Andy, I've already looked at the debug output quite a bit; please help
me understand what I'm missing...

First, looking at the code does seem to confirm my suspicion. This is
certainly is low-pressure mode, and so hybrid_ls_rr_sort::operator()
will return the result of BUCompareLatency. That function first checks
for stalls and returns 1 or -1. Only after that does it look at the
relative latencies.

In addition, the stall computation is done using BUHasStall, and that
function only checks the current cycle. Without looking forward, I don't
understand how it could know how long the pipeline hazard will last.

It looks like this may have something to do with the height.

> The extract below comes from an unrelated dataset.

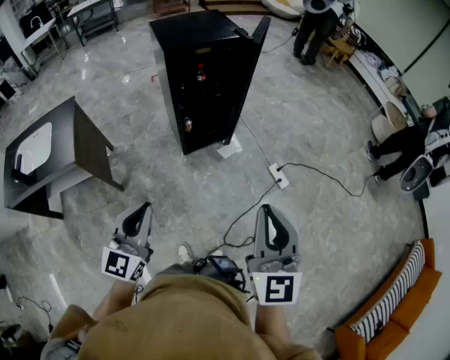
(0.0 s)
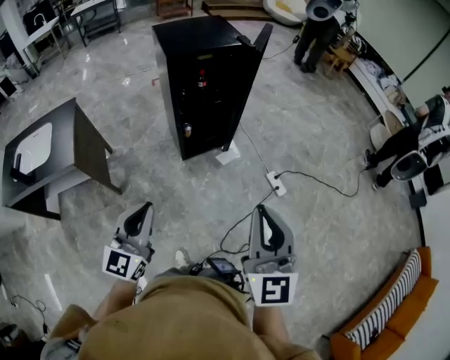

Can you
explain how that is supposed to work?

For the specific example: We start with the initial store...

GPRC: 4 / 31
F4RC: 1 / 31

Examining Available:
Height 2: SU(102): 0x2c03f70: ch = STFSX 0x2c03c70, 0x2bf3910,
0x2c03870,
0x2c03e70<Mem:ST4[%arrayidx6.14](align=8)(tbaa=!"float")>
[ORD=94] [ID=102]

Height 2: SU(97): 0x2c03470: ch = STFSX 0x2c03170, 0x2bf3910, 0x2c02c60,
0x2c03370<Mem:ST4[%arrayidx6.13](tbaa=!"float")> [ORD=88]
[ID=97]

Height 2: SU(92): 0x2c02860: ch = STFSX 0x2c02560, 0x2bf3910, 0x2c02160,
0x2c02760<Mem:ST4[%arrayidx6.12](align=16)(tbaa=!"float")>
[ORD=82]
[ID=92]

Height 2: SU(90): 0x2c01c50: ch = STFSX 0x2c01950, 0x2bf3910, 0x2c01550,
0x2c01b50<Mem:ST4[%arrayidx6.11](tbaa=!"float")> [ORD=76]
[ID=90]

Height 18: SU(85): 0x2c01150: ch = STFSX 0x2c00d40, 0x2bf3910,
0x2c00940,
0x2c00f40<Mem:ST4[%arrayidx6.10](align=8)(tbaa=!"float")>
[ORD=70] [ID=85]

*** Scheduling [21]: SU(102): 0x2c03f70: ch = STFSX 0x2c03c70,
0x2bf3910, 0x2c03870, 0x2c03e70<Mem:ST4[%
arrayidx6.14](align=8)(tbaa=!"float")> [ORD=94] [ID=102]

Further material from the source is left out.